30 January 2011
Peter Joseph says the Zeitgeist Movement is scientific, rational, and based on things that would work in the real world… then he proposes building cities shaped like perfect circles. So, why are existing cities not laid out like circles?
Because they have adapted to make use of the uneven real world terrain of wherever they were founded. Joseph’s inability to recognize this about cities is just one example of his preference for designing a future in his head over looking at what’s actually been successful. If this stuff were actually tried, and I don’t think that’s really the goal, it would be a disaster.
Peter Joseph is a 30-something marimba player who’s dabbled in advertising and in finance. It’s an unadvertised fact that the first Zeitgeist film began as reel footage alongside a percussion performance in NYC. Joseph’s great error is in letting his aesthetic preferences determine his political positions. I can understand this psychological dynamic and might have taken a Zeitgeist turn myself… i.e. by using the metaphorical imagery of Overwhelm to construct an “Overwhelm” political-propaganda video, rope in activist-minded listeners, etc. But that would be unfair to both rational philosophical debate and to art itself.
“I Sold My Soul Just to Make a Record, Dipshit, and Then You Bought One”
Today Thom Yorke said, with that glee he sometimes betrays, that it is “only a matter of time — months rather than years — before the music business establishment completely folds.” He has advised young musicians like myself to release records on their own, rather than through the major labels – lest they rope themselves to a “sinking ship.” [Come hear At Peace At Last at GrantValdes.com!] I don’t know about his timeline, but, morally speaking, Mr. Yorke is right.

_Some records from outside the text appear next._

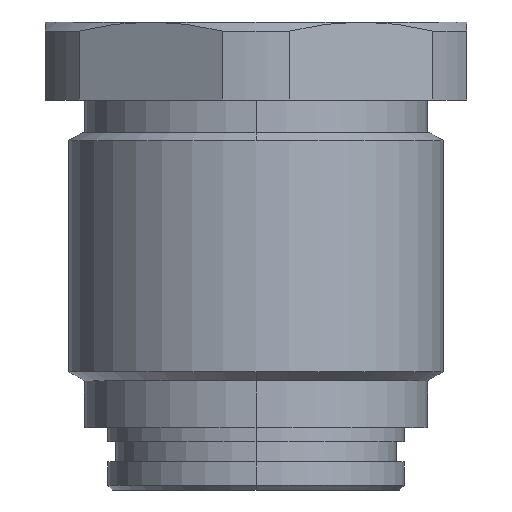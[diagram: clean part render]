
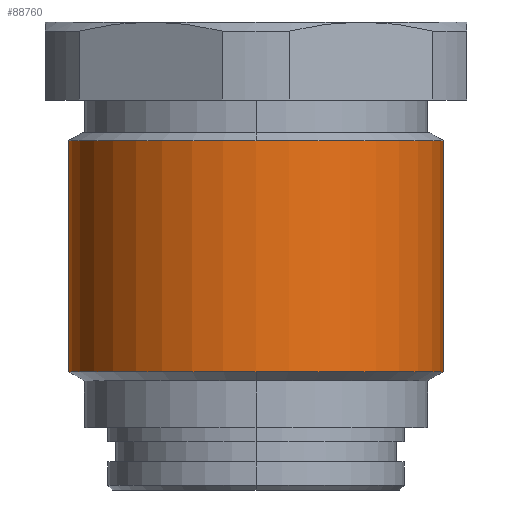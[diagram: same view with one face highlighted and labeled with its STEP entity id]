
A CAD part, left-side view. The second image highlights one B-rep face of the part: STEP entity #88760.
In plain terms, the highlighted cylindrical face has radius 12 mm (diameter 24 mm), a partial arc.
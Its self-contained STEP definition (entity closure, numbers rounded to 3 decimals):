
#77950=CARTESIAN_POINT('',(52.,48.,18.4));
#77960=DIRECTION('',(0.,0.,1.));
#77970=DIRECTION('',(1.,0.,0.));
#77980=AXIS2_PLACEMENT_3D('',#77950,#77960,#77970);
#77990=CIRCLE('',#77980,12.);
#78020=CARTESIAN_POINT('',(52.,60.,18.4));
#78030=VERTEX_POINT('',#78020);
#78060=CARTESIAN_POINT('',(52.,60.,19.75));
#78070=DIRECTION('',(0.,0.,1.));
#78080=VECTOR('',#78070,1.);
#78090=LINE('',#78060,#78080);
#78100=CARTESIAN_POINT('',(52.,60.,3.577));
#78110=VERTEX_POINT('',#78100);
#78120=EDGE_CURVE('',#78110,#78030,#78090,.T.);
#78140=CARTESIAN_POINT('',(52.,48.,3.577));
#78150=DIRECTION('',(0.,0.,1.));
#78160=DIRECTION('',(1.,0.,0.));
#78170=AXIS2_PLACEMENT_3D('',#78140,#78150,#78160);
#78180=CIRCLE('',#78170,12.);
#78230=CARTESIAN_POINT('',(52.,36.,3.577));
#78240=VERTEX_POINT('',#78230);
#78270=CARTESIAN_POINT('',(52.,36.,19.75));
#78280=DIRECTION('',(0.,0.,1.));
#78290=VECTOR('',#78280,1.);
#78300=LINE('',#78270,#78290);
#78310=CARTESIAN_POINT('',(52.,36.,18.4));
#78320=VERTEX_POINT('',#78310);
#78330=EDGE_CURVE('',#78240,#78320,#78300,.T.);
#78930=CARTESIAN_POINT('',(40.,48.,18.4));
#78940=VERTEX_POINT('',#78930);
#78950=EDGE_CURVE('483018-1193038522-15c55b27c6-0 1217265',#78940,#78320
,#77990,.T.);
#79550=CARTESIAN_POINT('',(40.,48.,3.577));
#79560=VERTEX_POINT('012643-1178198262-15c55b27c6-0 112408',#79550);
#79590=EDGE_CURVE('012643-1178198262-15c55b27c6-0 109205',#79560,#78240,
#78180,.T.);
#88430=EDGE_CURVE('483018-1193038522-15c55b27c6-0 1217265',#78030,#78940
,#77990,.T.);
#88620=CARTESIAN_POINT('',(52.,48.,19.75));
#88630=DIRECTION('',(0.,0.,1.));
#88640=DIRECTION('',(0.,1.,0.));
#88650=AXIS2_PLACEMENT_3D('',#88620,#88630,#88640);
#88660=CYLINDRICAL_SURFACE('',#88650,12.);
#88670=ORIENTED_EDGE('',*,*,#78120,.F.);
#88680=ORIENTED_EDGE('',*,*,#88430,.F.);
#88690=ORIENTED_EDGE('',*,*,#78950,.F.);
#88700=ORIENTED_EDGE('',*,*,#78330,.T.);
#88710=ORIENTED_EDGE('',*,*,#79590,.T.);
#88720=EDGE_CURVE('012643-1178198262-15c55b27c6-0 109205',#78110,#79560,
#78180,.T.);
#88730=ORIENTED_EDGE('',*,*,#88720,.T.);
#88740=EDGE_LOOP('',(#88730,#88710,#88700,#88690,#88680,#88670));
#88750=FACE_OUTER_BOUND('',#88740,.T.);
#88760=ADVANCED_FACE('012643-1178198262-15c55b27c6-0 1386629',(#88750),
#88660,.T.);
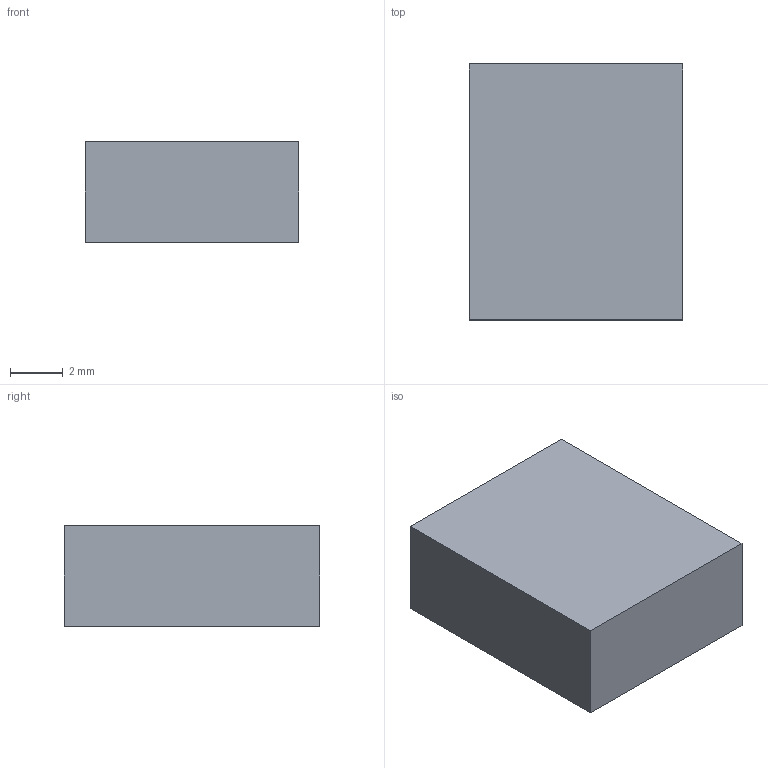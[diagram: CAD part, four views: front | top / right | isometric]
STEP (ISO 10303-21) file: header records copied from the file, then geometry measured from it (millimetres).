
FILE_DESCRIPTION(('Open CASCADE Model'),'2;1');
FILE_NAME('Open CASCADE Shape Model','2024-04-21T21:29:11',('Author'),( 'Open CASCADE'),'Open CASCADE STEP processor 7.5','Open CASCADE 7.5' ,'Unknown');
FILE_SCHEMA(('AUTOMOTIVE_DESIGN { 1 0 10303 214 1 1 1 1 }'));
Length unit declared in the file: millimetre
Products named in the file (3): PCB; Open CASCADE STEP translator 7.5 35.1; Extruded
Assembly tree (2 placements, depth 3):
  PCB
    Open CASCADE STEP translator 7.5 35.1
      Extruded
Bounding box: 8.1 x 9.7 x 3.81 mm (x, y, z)
Volume: 299.4 mm3; surface area: 292.8 mm2
Topology: 1 solids, 1 shells, 6 faces, 12 edges, 8 vertices
Faces by surface type: plane 6
Entity records: 213 total; most frequent: DIRECTION 30, CARTESIAN_POINT 29, ORIENTED_EDGE 24, EDGE_CURVE 12, LINE 12, VECTOR 12, AXIS2_PLACEMENT_3D 9, VERTEX_POINT 8
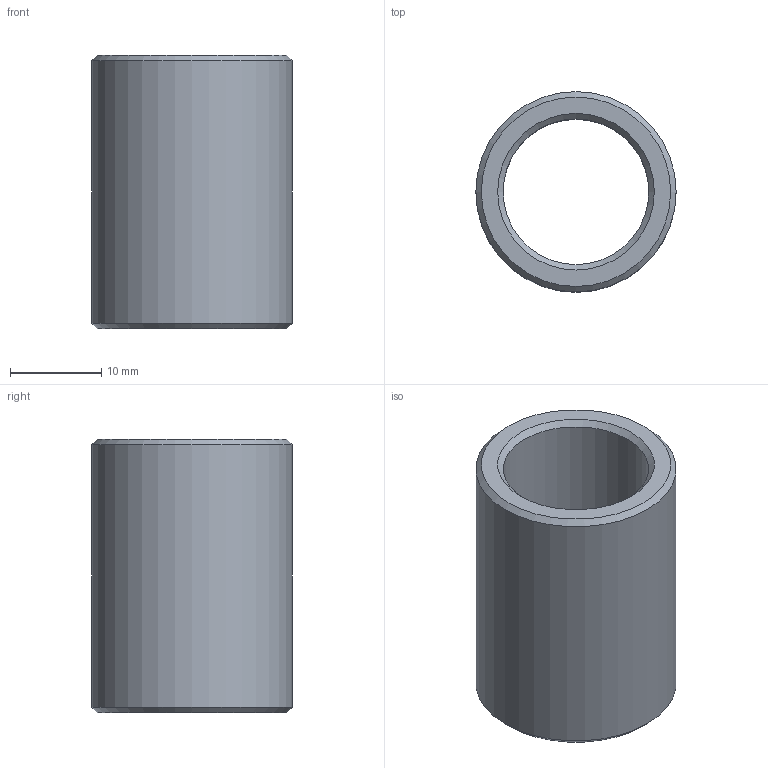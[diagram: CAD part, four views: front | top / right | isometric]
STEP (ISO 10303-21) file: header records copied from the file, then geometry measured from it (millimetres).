
FILE_DESCRIPTION(('STEP AP203'),'1');
FILE_NAME('540-016X22X30.stp','2015-12-17T15:28:41',(' '),(' '),'Spatial InterOp 3D',' ',' ');
FILE_SCHEMA(('CONFIG_CONTROL_DESIGN'));
Length unit declared in the file: metre
Products named in the file (2): 540-016x22x30
Assembly tree (1 placements, depth 2):
  (unnamed)
    540-016x22x30
Bounding box: 22 x 22 x 30 mm (x, y, z)
Volume: 5329.1 mm3; surface area: 3855.6 mm2
Topology: 1 solids, 1 shells, 8 faces, 14 edges, 8 vertices
Faces by surface type: cone 4, cylinder 2, plane 2
Full cylindrical faces by diameter (mm): 16 x1, 22 x1
Entity records: 268 total; most frequent: DIRECTION 36, CARTESIAN_POINT 26, AXIS2_PLACEMENT_3D 18, EDGE_LOOP 16, ORIENTED_EDGE 16, CC_DESIGN_PERSON_AND_ORGANIZATION_ASSIGNMENT 10, FACE_OUTER_BOUND 10, PERSON_AND_ORGANIZATION_ROLE 8
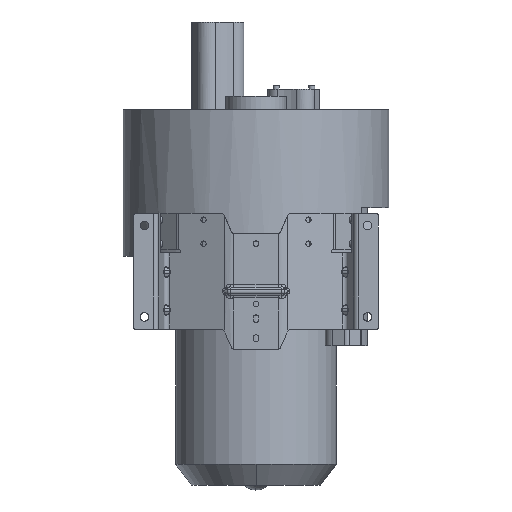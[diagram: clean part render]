
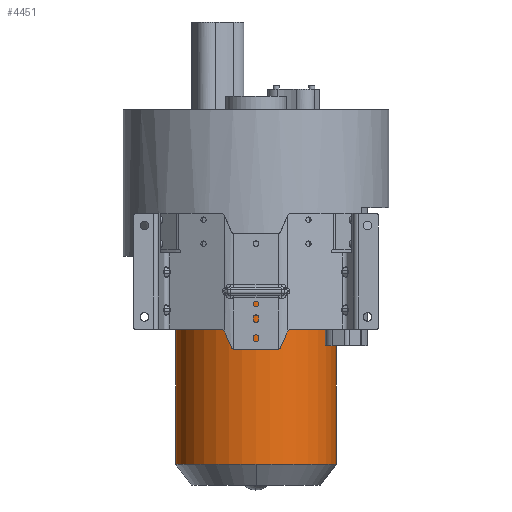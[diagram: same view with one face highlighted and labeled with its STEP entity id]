
A CAD part, front view. The second image highlights one B-rep face of the part: STEP entity #4451.
In plain terms, the highlighted cylindrical face has radius 133.5 mm (diameter 267 mm), a partial arc.
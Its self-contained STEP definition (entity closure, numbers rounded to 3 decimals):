
#310 = AXIS2_PLACEMENT_3D ( 'NONE', #26305, #14960, #27210 ) ;
#1068 = DIRECTION ( 'NONE',  ( 0., 0., -1. ) ) ;
#1081 = CIRCLE ( 'NONE', #15017, 133.5 ) ;
#2275 = CARTESIAN_POINT ( 'NONE',  ( 0., 0., -40.85 ) ) ;
#2465 = DIRECTION ( 'NONE',  ( 0., 0., -1. ) ) ;
#3584 = DIRECTION ( 'NONE',  ( 1., 0., 0. ) ) ;
#3796 = FACE_OUTER_BOUND ( 'NONE', #10292, .T. ) ;
#3851 = CARTESIAN_POINT ( 'NONE',  ( 133.5, 0., -386.25 ) ) ;
#3953 = CIRCLE ( 'NONE', #22002, 133.5 ) ;
#4451 = ADVANCED_FACE ( 'NONE', ( #3796 ), #23828, .T. ) ;
#4665 = CARTESIAN_POINT ( 'NONE',  ( -133.5, 0., -40.85 ) ) ;
#4995 = EDGE_CURVE ( 'NONE', #8604, #19094, #7256, .T. ) ;
#5806 = CARTESIAN_POINT ( 'NONE',  ( -133.5, 0., -386.25 ) ) ;
#6838 = CARTESIAN_POINT ( 'NONE',  ( 133.5, 0., -40.85 ) ) ;
#7044 = VECTOR ( 'NONE', #2465, 1000. ) ;
#7256 = LINE ( 'NONE', #4665, #9195 ) ;
#8527 = ORIENTED_EDGE ( 'NONE', *, *, #25173, .F. ) ;
#8604 = VERTEX_POINT ( 'NONE', #22887 ) ;
#9170 = AXIS2_PLACEMENT_3D ( 'NONE', #30778, #1068, #30939 ) ;
#9195 = VECTOR ( 'NONE', #15026, 1000. ) ;
#9584 = LINE ( 'NONE', #6838, #7044 ) ;
#10292 = EDGE_LOOP ( 'NONE', ( #17684, #29226, #31434, #15538, #8527 ) ) ;
#12130 = DIRECTION ( 'NONE',  ( 1., 0., 0. ) ) ;
#13732 = CARTESIAN_POINT ( 'NONE',  ( 0., -133.5, -386.25 ) ) ;
#14246 = CIRCLE ( 'NONE', #310, 133.5 ) ;
#14426 = DIRECTION ( 'NONE',  ( 0., 0., -1. ) ) ;
#14960 = DIRECTION ( 'NONE',  ( 0., 0., -1. ) ) ;
#15017 = AXIS2_PLACEMENT_3D ( 'NONE', #2275, #14426, #12130 ) ;
#15026 = DIRECTION ( 'NONE',  ( 0., 0., -1. ) ) ;
#15538 = ORIENTED_EDGE ( 'NONE', *, *, #15639, .F. ) ;
#15639 = EDGE_CURVE ( 'NONE', #19089, #19094, #14246, .T. ) ;
#16351 = DIRECTION ( 'NONE',  ( 0., 0., -1. ) ) ;
#17184 = VERTEX_POINT ( 'NONE', #3851 ) ;
#17684 = ORIENTED_EDGE ( 'NONE', *, *, #25030, .F. ) ;
#19089 = VERTEX_POINT ( 'NONE', #13732 ) ;
#19094 = VERTEX_POINT ( 'NONE', #5806 ) ;
#20246 = EDGE_CURVE ( 'NONE', #21904, #8604, #1081, .T. ) ;
#20717 = CARTESIAN_POINT ( 'NONE',  ( 133.5, 0., -40.85 ) ) ;
#21015 = CARTESIAN_POINT ( 'NONE',  ( 0., 0., -386.25 ) ) ;
#21904 = VERTEX_POINT ( 'NONE', #20717 ) ;
#22002 = AXIS2_PLACEMENT_3D ( 'NONE', #21015, #16351, #3584 ) ;
#22887 = CARTESIAN_POINT ( 'NONE',  ( -133.5, 0., -40.85 ) ) ;
#23828 = CYLINDRICAL_SURFACE ( 'NONE', #9170, 133.5 ) ;
#25030 = EDGE_CURVE ( 'NONE', #21904, #17184, #9584, .T. ) ;
#25173 = EDGE_CURVE ( 'NONE', #17184, #19089, #3953, .T. ) ;
#26305 = CARTESIAN_POINT ( 'NONE',  ( 0., 0., -386.25 ) ) ;
#27210 = DIRECTION ( 'NONE',  ( 1., 0., 0. ) ) ;
#29226 = ORIENTED_EDGE ( 'NONE', *, *, #20246, .T. ) ;
#30778 = CARTESIAN_POINT ( 'NONE',  ( 0., 0., -40.85 ) ) ;
#30939 = DIRECTION ( 'NONE',  ( -1., 0., 0. ) ) ;
#31434 = ORIENTED_EDGE ( 'NONE', *, *, #4995, .T. ) ;

I have almost never heard excellent music coming from an artist who was “trying to get signed.” That’s just my empirical report. In the age of the dense, stupid, major label monolith, there has grown a vast underclass of what American economists might call “discouraged composers.” I have heard reels of remarkable, gorgeous, insightful, intricate music by these various unknowns: friends of friends, friends of lovers, lovers. They are talented – more talented than any A&R rep – and precisely because they are not writing down to a market, they can freely offer up “to the eyes of God” (to quote Charles Murray admiring the anonymous cathedral masons of the Middle Ages.) I count myself as a discouraged composer, albeit one with the financial resources and self-regard needed to keep writing anyway.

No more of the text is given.